The Environmental Protection Agency (EPA) on October 1 finalized a rule to implement the clear language of Section 112 of the Clean Air Act (CAA) that allows a “major source” of hazardous air pollutants (HAP) to reclassify as an “area source” at any time after acting to limit emissions.
A “major source” is one that “emits or has the potential to emit 10 tons per year (tpy) or more of a single HAP or 25 tpy or more of any combination of HAPs. An “area source” is any stationary source of HAPs that is not “major.” Major sources are subject to maximum achievable control technology (MACT) standards whereas area sources may be subject to less onerous generally available control technology (GACT) standards.
The EPA’s reclassification rule will encourage facilities to pursue innovations that permanently reduce their potential to emit HAPs, relieving regulatory requirements intended for much larger emitters. “By removing unnecessary monitoring, recordkeeping, and reporting associated with being a major source, this rule will relieve unnecessary compliance and financial burdens from regulated entities and encourage other sources to reduce emissions,” the agency’s press release explains.
The agency’s previous “once-in, always-in” policy, adopted by the Clinton administration in 1995, assumed major sources that reduce their potential to emit (PTE) below the major source thresholds could not be trusted to maintain those reductions unless perpetually regulated as major sources.
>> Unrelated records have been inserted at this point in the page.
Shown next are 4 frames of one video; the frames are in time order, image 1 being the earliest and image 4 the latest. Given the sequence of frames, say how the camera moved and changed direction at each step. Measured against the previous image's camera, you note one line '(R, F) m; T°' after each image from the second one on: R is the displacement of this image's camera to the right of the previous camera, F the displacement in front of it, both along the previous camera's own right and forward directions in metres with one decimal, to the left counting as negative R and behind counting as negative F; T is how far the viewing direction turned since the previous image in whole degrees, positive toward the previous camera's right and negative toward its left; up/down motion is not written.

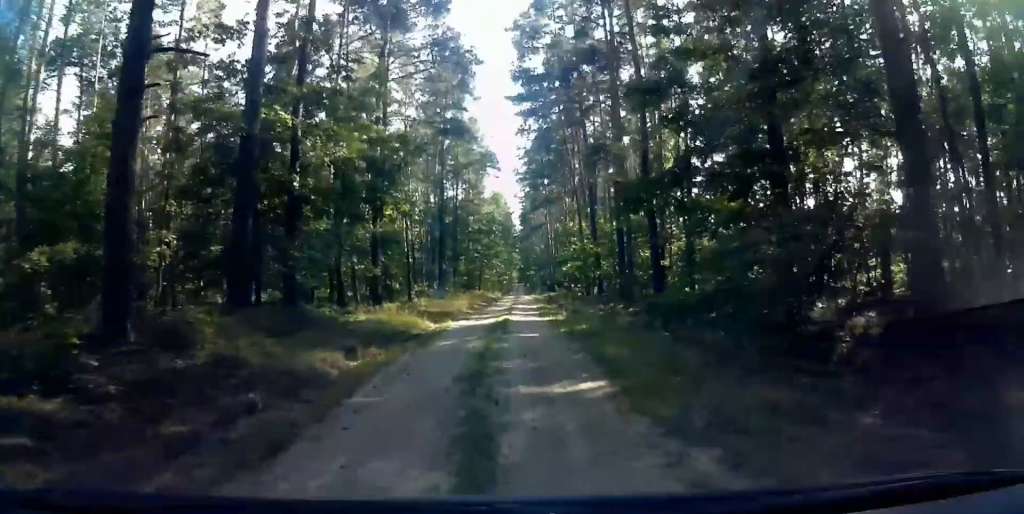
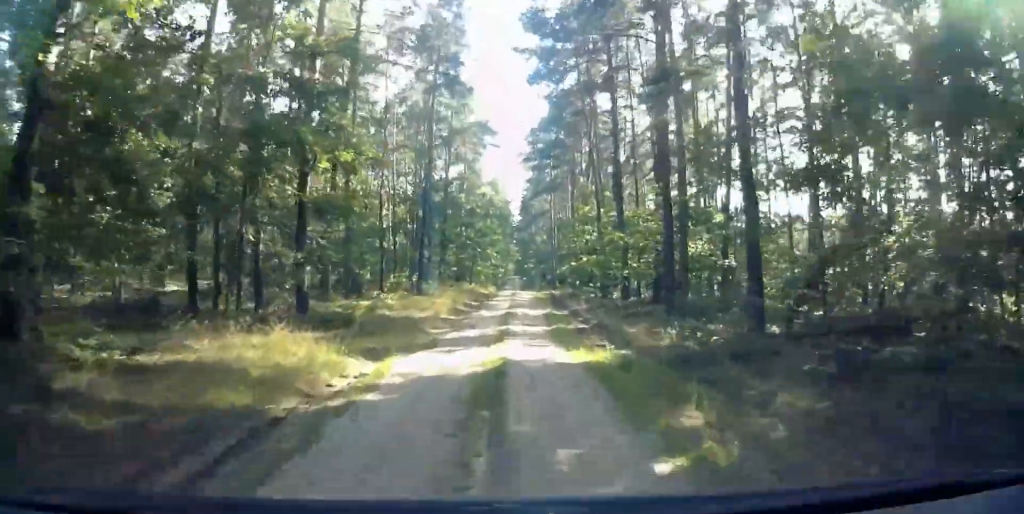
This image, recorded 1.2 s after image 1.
(+0.2, +11.0) m; +1°
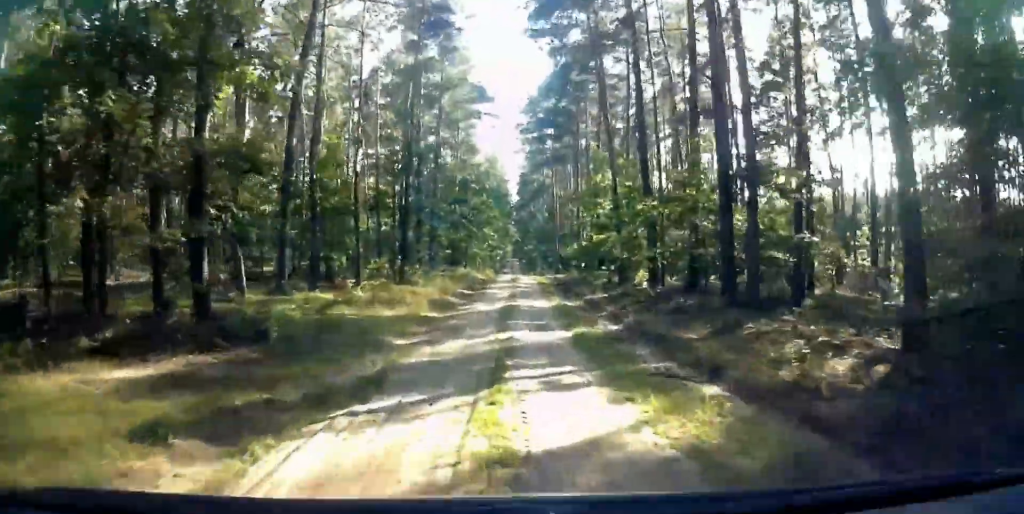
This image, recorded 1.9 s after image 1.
(0.0, +6.9) m; 0°
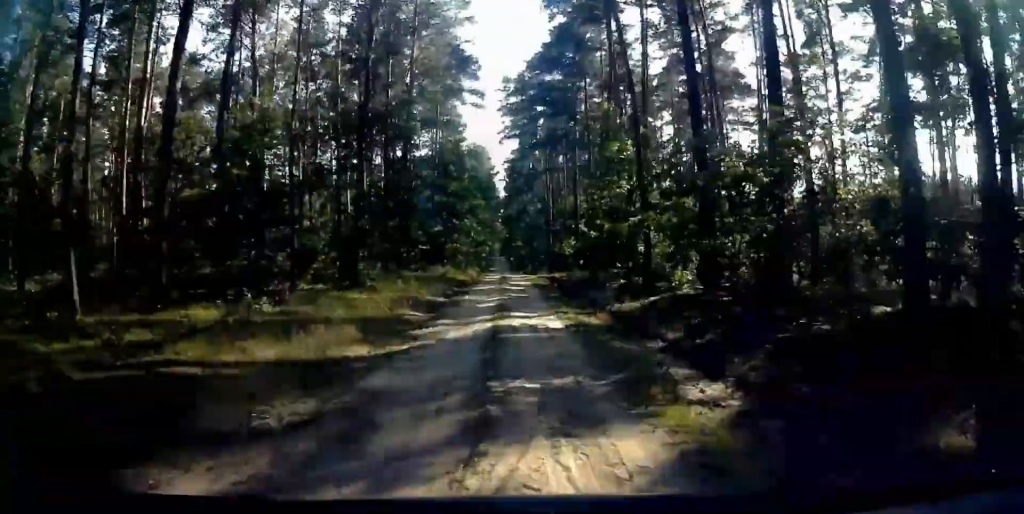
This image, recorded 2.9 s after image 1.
(0.0, +9.6) m; 0°

That punitive policy conflicts with the statute, which defines “major” source solely in terms of PTE and makes no reference to the facility’s status when it first adopted HAP controls.
The EPA estimates the rule will achieve a potential cumulative savings of $16.1 million in the first year and $90.6 million (in 2017 dollars) in following years. With this final rule, the agency estimates it has saved Americans a total of approximately $95 billion in unnecessary regulatory costs during the Trump administration.